** REQUIRED ACTION **
Beginning with the line containing "Atelectasis: negative", transcribe every line exactly down to the last one in the records below, and drop the pictures.

Records from a dataset
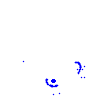
Particle: kaon
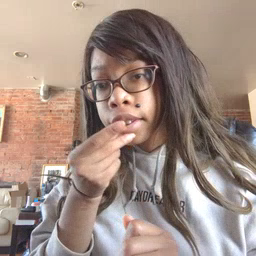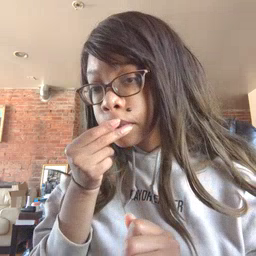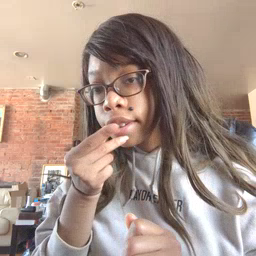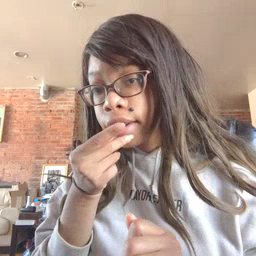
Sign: snack
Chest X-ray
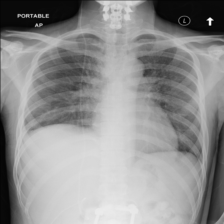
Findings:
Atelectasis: negative
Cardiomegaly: negative
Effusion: negative
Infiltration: negative
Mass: negative
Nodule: negative
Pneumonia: negative
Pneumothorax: negative
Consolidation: negative
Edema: negative
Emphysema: negative
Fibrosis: negative
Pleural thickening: negative
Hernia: negative
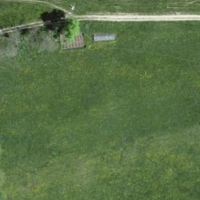
EUNIS habitat code: 24
Species observed at this site:
Campanula glomerata
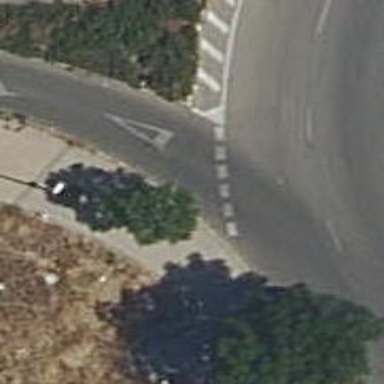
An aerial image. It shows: Road with "give way" sign.
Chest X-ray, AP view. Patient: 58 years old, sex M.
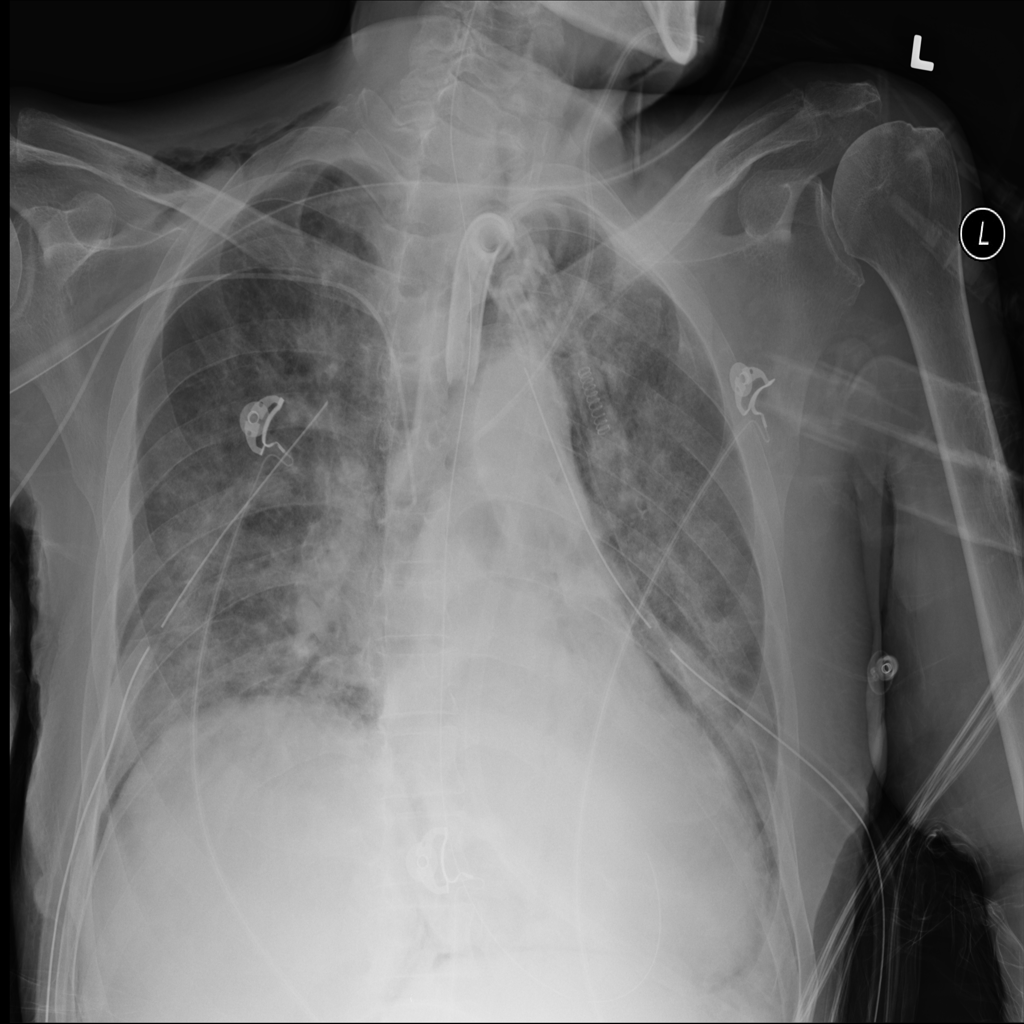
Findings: Infiltration
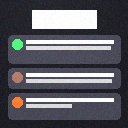
Screen state: on
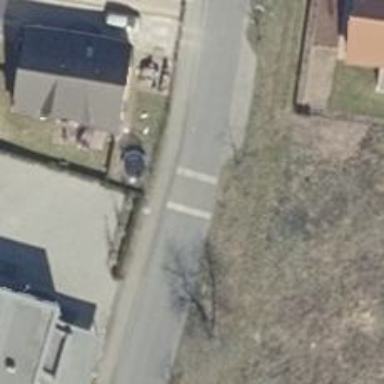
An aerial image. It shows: Bump for traffic calming.
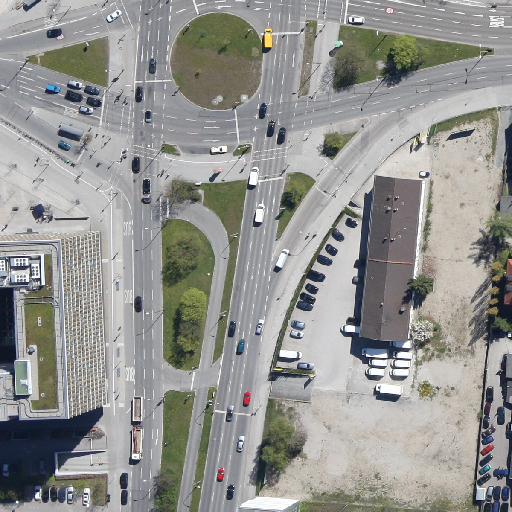
Referring expression: van in the parking area

** RESPONSE TO THIS EXERCISE **
Atelectasis: negative
Cardiomegaly: negative
Effusion: negative
Infiltration: negative
Mass: negative
Nodule: negative
Pneumonia: negative
Pneumothorax: negative
Consolidation: negative
Edema: negative
Emphysema: negative
Fibrosis: negative
Pleural thickening: negative
Hernia: negative
EUNIS habitat code: 24
Species observed at this site:
Campanula glomerata
An aerial image. It shows: Road with "give way" sign.
Chest X-ray, AP view. Patient: 58 years old, sex M.
Findings: Infiltration
Screen state: on
An aerial image. It shows: Bump for traffic calming.
Referring expression: van in the parking area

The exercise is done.